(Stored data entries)

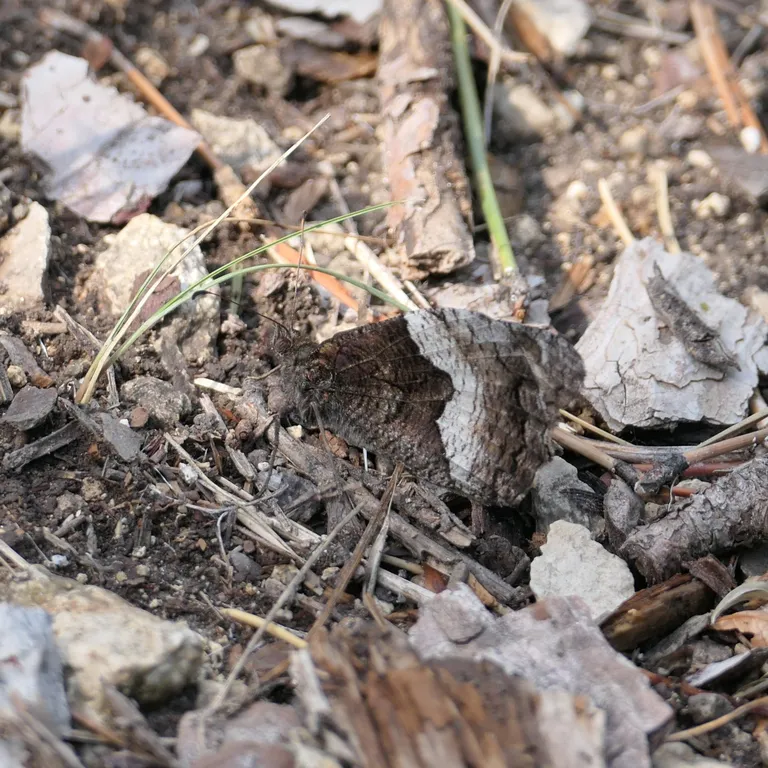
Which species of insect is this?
Hipparchia alcyone
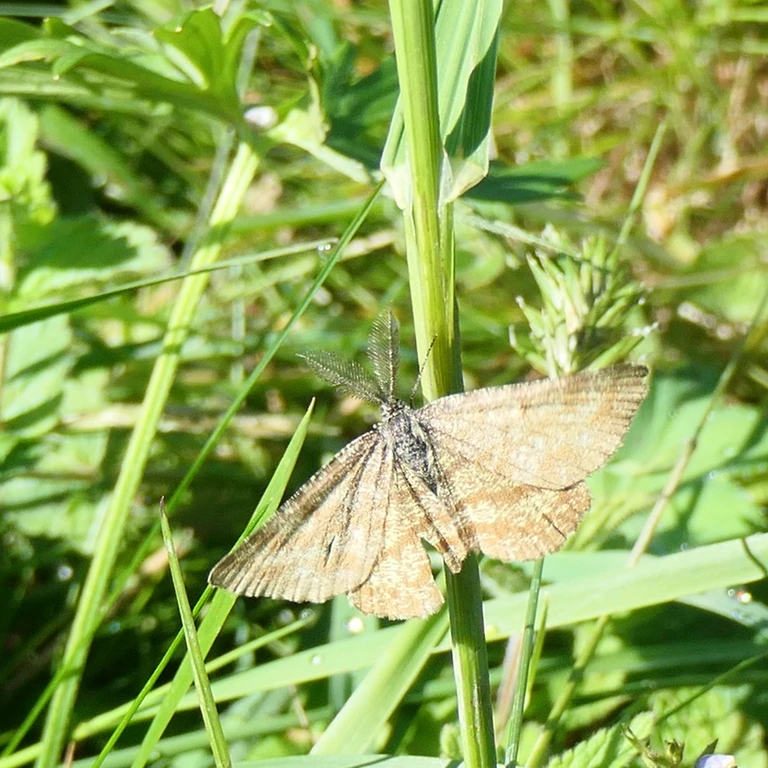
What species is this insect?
Ematurga atomaria
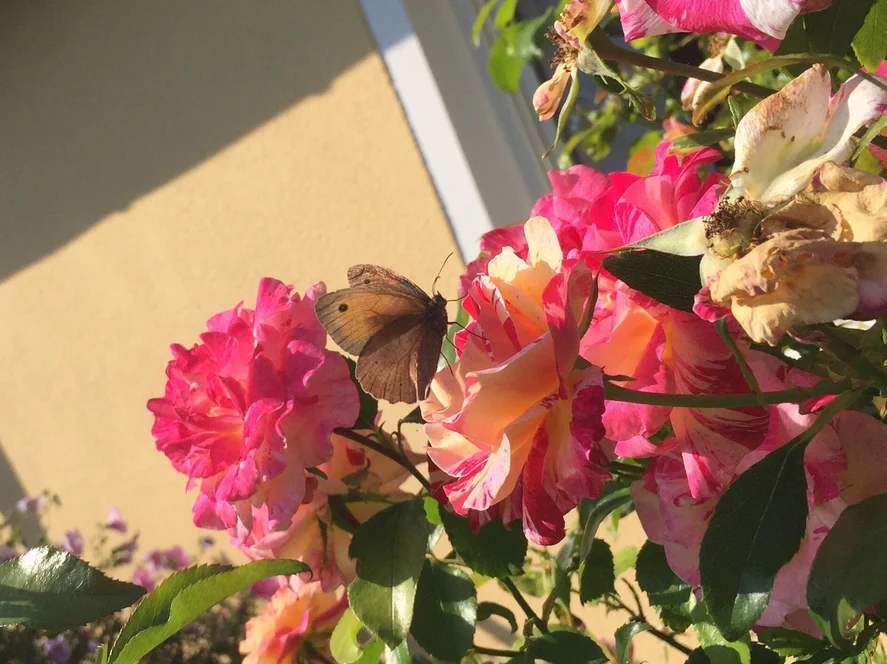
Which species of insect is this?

• _YOUR GOAL_: Retype each of the entries above exactly as it appears, with no pictures.

• _YOUR SOLUTION_:
Which species of insect is this?
Hipparchia alcyone
What species is this insect?
Ematurga atomaria
Which species of insect is this?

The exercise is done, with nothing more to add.